Work instruction:
Transcribe every entry exactly, leaving out any pictures.

+++ Listed entries +++

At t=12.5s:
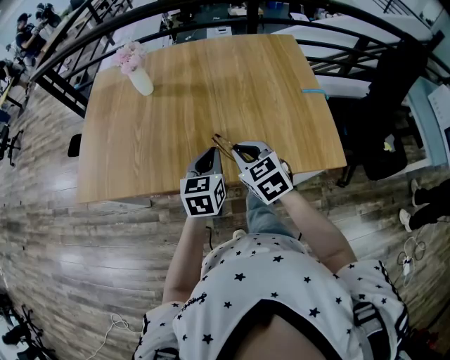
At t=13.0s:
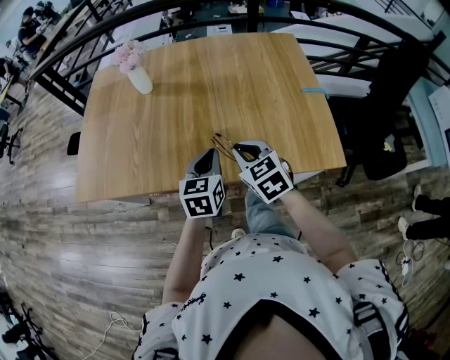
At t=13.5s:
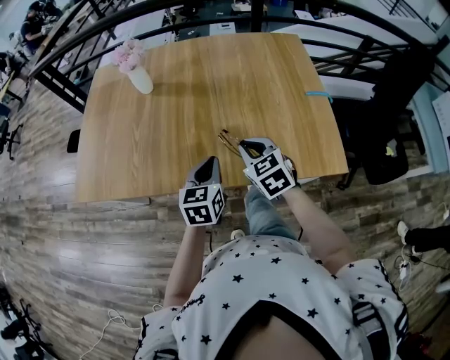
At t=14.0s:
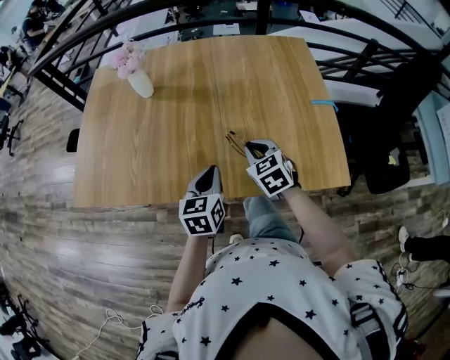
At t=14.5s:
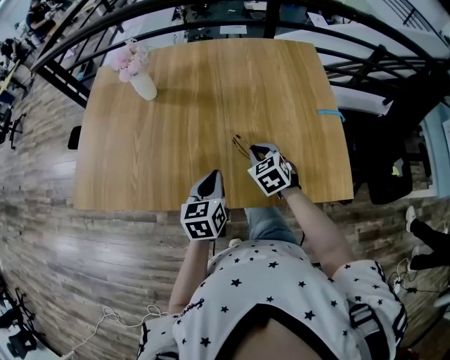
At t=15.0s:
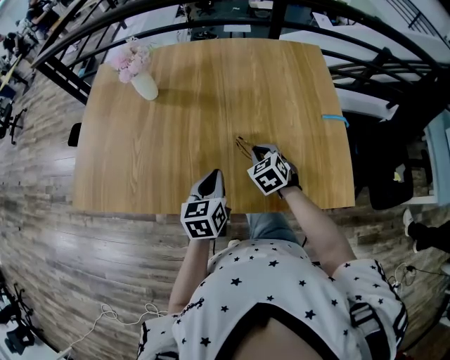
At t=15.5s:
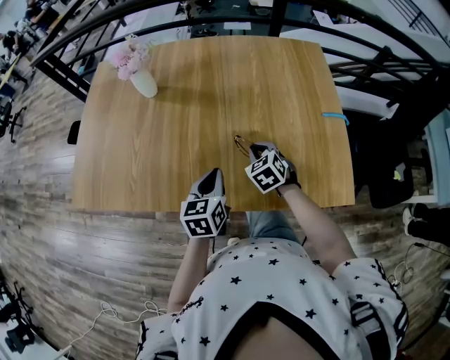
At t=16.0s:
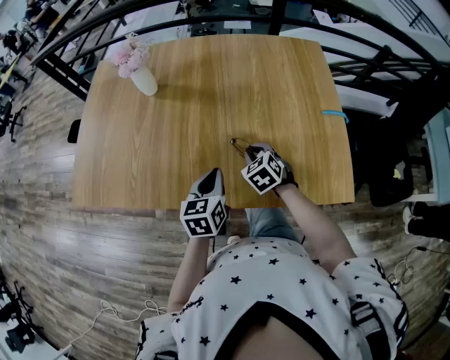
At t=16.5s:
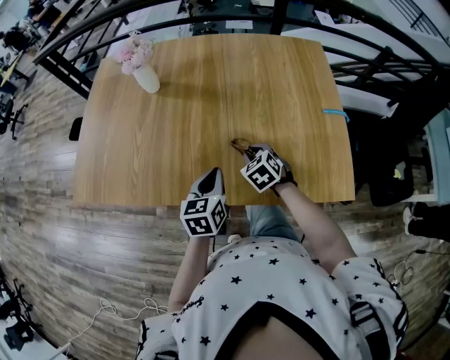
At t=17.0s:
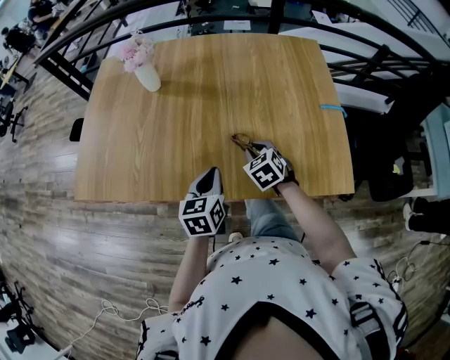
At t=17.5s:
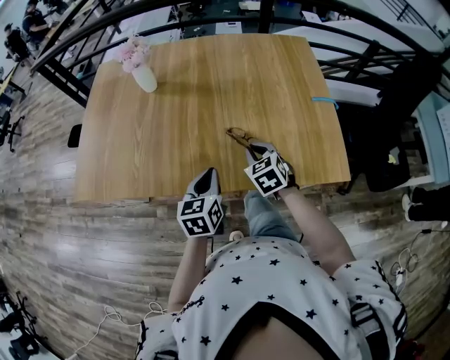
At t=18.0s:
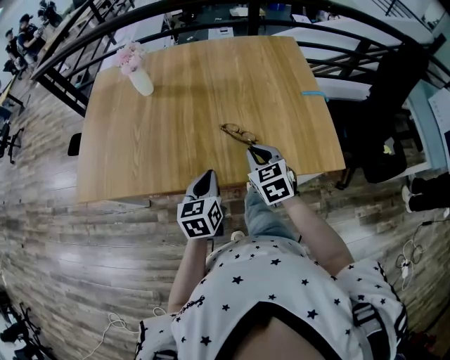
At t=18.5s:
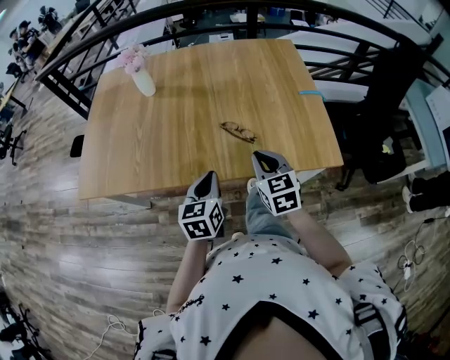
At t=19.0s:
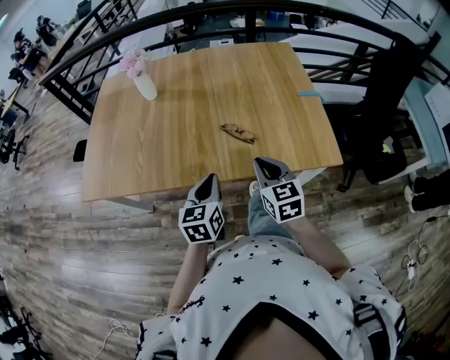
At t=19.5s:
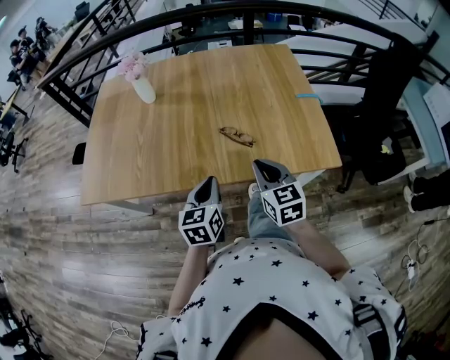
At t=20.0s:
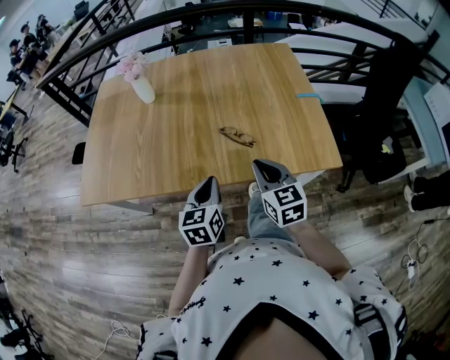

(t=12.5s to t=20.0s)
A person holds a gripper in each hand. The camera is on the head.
t=12.5s - t=14.5s: The left gripper shifts by some 5 cm. The right gripper goes approximately 15 cm forward, downward and to the right.
t=14.5s - t=16.5s: The grippers make only small movements.
t=16.5s - t=18.0s: The right gripper heads upward and backward, covering approximately 15 cm, and changes its angle by some 20 degrees; the left gripper is displaced backward by about 10 cm.
t=18.0s - t=20.0s: The right gripper heads backward, covering approximately 5 cm.

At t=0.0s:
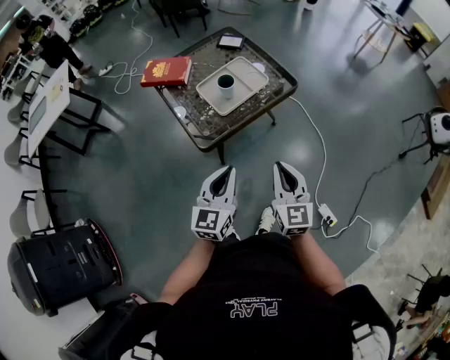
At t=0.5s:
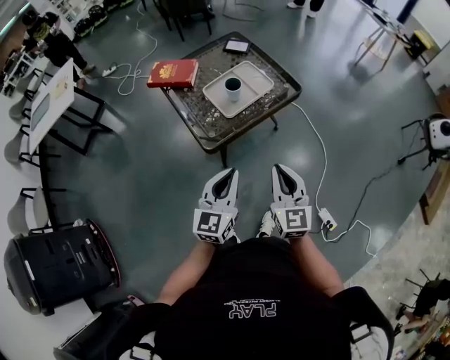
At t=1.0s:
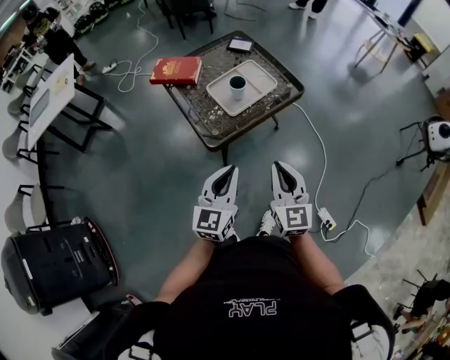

+++

Task solution:
At t=12.5s:
At t=13.0s:
At t=13.5s:
At t=14.0s:
At t=14.5s:
At t=15.0s:
At t=15.5s:
At t=16.0s:
At t=16.5s:
At t=17.0s:
At t=17.5s:
At t=18.0s:
At t=18.5s:
At t=19.0s:
At t=19.5s:
At t=20.0s:

(t=12.5s to t=20.0s)
A person holds a gripper in each hand. The camera is on the head.
t=12.5s - t=14.5s: The left gripper shifts by some 5 cm. The right gripper goes approximately 15 cm forward, downward and to the right.
t=14.5s - t=16.5s: The grippers make only small movements.
t=16.5s - t=18.0s: The right gripper heads upward and backward, covering approximately 15 cm, and changes its angle by some 20 degrees; the left gripper is displaced backward by about 10 cm.
t=18.0s - t=20.0s: The right gripper heads backward, covering approximately 5 cm.

At t=0.0s:
At t=0.5s:
At t=1.0s:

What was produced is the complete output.